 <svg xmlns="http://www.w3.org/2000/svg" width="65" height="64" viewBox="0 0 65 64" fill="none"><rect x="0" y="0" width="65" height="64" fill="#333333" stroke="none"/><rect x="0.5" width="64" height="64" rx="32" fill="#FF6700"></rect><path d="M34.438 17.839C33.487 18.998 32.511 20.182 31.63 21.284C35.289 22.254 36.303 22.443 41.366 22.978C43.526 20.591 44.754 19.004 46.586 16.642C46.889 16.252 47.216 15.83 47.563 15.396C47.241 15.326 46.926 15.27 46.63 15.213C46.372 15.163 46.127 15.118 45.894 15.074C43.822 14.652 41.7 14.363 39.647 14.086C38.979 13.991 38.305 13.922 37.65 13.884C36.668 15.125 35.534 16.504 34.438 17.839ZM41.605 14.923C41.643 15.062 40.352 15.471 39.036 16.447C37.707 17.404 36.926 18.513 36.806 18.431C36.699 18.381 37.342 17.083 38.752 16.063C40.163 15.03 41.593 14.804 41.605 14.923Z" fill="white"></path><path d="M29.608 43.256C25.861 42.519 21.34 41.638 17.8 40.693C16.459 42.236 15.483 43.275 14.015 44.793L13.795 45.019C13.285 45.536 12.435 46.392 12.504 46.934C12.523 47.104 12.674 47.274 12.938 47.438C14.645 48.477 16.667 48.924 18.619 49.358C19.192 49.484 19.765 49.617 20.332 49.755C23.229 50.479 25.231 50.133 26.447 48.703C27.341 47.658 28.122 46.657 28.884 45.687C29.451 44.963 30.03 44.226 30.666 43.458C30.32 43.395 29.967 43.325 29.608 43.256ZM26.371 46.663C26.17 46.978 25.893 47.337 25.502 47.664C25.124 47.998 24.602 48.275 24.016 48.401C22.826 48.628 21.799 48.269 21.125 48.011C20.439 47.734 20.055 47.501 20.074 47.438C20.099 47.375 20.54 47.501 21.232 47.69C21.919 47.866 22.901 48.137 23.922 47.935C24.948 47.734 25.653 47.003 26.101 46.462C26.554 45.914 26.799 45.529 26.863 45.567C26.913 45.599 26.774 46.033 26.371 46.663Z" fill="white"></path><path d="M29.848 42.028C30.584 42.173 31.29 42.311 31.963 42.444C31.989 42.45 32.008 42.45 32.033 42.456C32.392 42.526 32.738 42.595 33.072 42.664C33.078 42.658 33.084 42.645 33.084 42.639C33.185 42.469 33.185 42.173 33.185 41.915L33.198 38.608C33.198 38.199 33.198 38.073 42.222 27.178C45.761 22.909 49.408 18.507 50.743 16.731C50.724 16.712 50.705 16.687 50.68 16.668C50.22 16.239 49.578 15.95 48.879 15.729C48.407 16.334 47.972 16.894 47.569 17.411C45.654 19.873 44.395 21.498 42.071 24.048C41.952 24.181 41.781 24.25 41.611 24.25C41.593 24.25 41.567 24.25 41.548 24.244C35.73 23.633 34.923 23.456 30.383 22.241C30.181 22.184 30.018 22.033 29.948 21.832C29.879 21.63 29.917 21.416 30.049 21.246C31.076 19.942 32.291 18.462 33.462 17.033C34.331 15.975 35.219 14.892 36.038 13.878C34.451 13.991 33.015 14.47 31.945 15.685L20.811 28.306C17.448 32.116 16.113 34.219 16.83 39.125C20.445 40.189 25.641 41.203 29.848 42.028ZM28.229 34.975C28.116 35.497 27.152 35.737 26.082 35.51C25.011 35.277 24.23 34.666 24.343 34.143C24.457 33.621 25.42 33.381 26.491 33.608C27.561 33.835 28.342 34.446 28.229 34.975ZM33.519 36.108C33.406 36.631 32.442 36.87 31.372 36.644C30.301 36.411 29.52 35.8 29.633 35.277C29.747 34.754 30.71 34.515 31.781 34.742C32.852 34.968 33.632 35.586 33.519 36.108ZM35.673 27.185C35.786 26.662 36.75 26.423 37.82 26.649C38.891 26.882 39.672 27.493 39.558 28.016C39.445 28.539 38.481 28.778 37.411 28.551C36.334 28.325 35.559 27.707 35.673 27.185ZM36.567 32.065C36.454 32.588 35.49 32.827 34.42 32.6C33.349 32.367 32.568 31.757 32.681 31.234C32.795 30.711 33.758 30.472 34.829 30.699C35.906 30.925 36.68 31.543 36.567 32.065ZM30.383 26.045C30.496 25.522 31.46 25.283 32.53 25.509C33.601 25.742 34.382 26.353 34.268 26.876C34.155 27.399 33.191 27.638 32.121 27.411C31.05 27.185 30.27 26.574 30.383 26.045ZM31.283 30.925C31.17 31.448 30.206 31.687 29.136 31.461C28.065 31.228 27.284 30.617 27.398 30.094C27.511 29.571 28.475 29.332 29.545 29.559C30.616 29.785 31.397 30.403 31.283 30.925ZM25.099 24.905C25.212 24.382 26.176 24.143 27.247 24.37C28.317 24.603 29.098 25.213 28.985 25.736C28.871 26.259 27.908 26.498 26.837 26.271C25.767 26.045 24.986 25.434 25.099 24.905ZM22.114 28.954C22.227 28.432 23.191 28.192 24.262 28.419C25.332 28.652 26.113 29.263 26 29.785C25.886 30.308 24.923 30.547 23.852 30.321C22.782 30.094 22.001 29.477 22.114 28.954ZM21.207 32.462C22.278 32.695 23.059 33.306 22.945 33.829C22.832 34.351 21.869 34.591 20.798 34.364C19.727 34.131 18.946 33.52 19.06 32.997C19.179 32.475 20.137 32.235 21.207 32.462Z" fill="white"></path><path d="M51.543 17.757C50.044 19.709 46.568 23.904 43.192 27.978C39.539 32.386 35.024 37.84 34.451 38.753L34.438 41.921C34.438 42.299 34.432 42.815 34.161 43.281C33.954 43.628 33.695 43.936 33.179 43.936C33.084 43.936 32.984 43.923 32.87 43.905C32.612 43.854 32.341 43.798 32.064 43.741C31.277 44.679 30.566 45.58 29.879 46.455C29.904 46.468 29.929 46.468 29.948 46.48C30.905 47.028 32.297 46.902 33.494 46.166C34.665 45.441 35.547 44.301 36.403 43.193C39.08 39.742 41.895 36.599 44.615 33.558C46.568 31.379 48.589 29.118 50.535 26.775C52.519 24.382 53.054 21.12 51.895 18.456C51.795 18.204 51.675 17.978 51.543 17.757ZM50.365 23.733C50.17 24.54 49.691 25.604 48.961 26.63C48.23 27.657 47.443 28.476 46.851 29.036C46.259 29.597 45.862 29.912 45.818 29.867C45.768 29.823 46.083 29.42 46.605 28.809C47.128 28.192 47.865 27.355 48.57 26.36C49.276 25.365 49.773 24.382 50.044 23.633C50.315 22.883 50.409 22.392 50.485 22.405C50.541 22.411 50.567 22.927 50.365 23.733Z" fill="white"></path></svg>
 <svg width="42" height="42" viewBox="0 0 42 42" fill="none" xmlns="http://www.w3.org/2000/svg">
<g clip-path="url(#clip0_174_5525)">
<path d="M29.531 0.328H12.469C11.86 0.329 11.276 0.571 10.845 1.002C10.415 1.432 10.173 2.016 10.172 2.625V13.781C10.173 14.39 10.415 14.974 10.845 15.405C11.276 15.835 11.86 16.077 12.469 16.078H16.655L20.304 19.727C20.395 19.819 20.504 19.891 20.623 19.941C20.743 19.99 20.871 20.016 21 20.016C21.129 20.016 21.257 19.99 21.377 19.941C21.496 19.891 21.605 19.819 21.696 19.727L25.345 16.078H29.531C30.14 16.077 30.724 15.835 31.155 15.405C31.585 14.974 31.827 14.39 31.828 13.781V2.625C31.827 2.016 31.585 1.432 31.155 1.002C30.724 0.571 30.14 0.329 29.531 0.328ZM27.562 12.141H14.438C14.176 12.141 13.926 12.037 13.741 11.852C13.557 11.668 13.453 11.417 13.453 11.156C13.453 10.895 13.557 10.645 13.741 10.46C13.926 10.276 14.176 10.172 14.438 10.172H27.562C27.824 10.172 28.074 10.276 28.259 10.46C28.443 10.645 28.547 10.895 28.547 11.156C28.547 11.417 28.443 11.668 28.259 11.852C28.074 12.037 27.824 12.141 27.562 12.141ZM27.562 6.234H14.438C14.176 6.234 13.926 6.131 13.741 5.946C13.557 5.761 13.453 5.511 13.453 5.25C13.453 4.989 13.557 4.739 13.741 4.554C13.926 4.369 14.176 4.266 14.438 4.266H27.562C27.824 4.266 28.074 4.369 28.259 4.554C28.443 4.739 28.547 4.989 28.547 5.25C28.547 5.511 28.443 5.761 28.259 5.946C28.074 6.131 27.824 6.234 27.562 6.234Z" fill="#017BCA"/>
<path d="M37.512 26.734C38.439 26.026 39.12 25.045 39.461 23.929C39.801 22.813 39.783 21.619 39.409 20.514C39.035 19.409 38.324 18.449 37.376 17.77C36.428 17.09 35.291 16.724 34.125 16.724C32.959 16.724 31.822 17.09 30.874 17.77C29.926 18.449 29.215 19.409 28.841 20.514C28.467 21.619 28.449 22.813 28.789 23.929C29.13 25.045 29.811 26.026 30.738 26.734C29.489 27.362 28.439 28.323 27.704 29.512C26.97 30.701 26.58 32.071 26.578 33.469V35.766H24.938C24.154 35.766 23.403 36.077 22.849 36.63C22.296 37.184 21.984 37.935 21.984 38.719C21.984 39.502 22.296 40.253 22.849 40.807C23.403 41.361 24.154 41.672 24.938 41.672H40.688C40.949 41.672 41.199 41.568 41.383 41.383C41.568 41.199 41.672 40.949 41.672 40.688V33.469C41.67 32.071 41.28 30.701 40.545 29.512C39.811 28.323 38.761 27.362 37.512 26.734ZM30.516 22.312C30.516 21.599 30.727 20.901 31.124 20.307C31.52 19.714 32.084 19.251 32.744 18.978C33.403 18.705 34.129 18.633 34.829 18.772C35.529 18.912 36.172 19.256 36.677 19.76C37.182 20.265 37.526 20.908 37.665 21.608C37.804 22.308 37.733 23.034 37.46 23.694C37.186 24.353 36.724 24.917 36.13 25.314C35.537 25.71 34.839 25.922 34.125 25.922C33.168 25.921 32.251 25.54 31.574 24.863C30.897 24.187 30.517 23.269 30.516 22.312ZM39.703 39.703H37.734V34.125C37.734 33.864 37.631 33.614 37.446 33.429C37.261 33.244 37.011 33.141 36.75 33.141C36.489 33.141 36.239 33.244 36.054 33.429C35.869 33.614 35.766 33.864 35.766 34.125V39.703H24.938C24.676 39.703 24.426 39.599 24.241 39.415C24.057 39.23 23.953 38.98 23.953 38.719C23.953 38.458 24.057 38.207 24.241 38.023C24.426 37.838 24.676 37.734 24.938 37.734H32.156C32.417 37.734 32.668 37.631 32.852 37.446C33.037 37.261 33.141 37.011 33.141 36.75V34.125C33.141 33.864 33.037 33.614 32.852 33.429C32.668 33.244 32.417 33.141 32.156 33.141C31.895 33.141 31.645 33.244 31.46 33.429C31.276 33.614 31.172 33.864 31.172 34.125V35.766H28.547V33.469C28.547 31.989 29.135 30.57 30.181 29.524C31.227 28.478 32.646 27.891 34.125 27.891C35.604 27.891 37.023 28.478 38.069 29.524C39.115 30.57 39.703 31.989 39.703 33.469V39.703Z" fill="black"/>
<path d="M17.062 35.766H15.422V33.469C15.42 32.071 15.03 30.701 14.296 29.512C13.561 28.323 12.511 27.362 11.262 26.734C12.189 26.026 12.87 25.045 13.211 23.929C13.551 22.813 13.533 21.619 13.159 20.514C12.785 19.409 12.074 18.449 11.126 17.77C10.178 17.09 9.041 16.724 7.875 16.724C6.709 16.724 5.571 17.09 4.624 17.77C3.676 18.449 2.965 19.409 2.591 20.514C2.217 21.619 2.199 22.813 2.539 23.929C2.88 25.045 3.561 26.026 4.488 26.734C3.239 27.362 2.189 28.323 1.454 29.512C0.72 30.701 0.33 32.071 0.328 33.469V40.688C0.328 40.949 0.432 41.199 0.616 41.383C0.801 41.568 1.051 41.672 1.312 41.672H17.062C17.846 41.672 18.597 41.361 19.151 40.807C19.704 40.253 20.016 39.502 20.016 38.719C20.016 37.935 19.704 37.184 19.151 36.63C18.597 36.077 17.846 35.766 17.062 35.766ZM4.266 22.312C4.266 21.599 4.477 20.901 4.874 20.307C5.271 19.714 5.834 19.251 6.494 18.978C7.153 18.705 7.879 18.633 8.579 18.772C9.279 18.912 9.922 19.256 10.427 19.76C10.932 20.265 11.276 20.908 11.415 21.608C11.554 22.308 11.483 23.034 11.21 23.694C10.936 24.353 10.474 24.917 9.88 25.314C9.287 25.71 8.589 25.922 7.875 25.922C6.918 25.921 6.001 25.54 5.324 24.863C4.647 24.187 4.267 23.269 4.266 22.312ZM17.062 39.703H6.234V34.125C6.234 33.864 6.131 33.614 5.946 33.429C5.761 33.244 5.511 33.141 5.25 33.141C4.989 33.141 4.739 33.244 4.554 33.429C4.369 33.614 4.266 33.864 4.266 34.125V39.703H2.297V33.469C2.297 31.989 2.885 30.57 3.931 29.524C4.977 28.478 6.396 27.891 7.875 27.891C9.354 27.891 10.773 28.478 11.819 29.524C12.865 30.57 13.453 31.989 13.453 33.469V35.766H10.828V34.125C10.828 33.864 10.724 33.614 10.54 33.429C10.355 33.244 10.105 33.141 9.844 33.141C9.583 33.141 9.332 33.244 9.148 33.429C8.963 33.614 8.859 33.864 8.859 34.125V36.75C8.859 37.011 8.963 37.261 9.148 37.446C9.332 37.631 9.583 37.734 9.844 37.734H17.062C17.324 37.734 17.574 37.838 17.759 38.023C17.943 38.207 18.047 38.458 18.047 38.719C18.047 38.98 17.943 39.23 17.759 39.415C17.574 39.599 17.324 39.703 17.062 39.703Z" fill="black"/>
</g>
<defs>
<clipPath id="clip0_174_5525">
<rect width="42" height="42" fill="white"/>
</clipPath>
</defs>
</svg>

______________________________

Search the records above for the string "clipPath". Report each line that has it.

<clipPath id="clip0_174_5525">
</clipPath>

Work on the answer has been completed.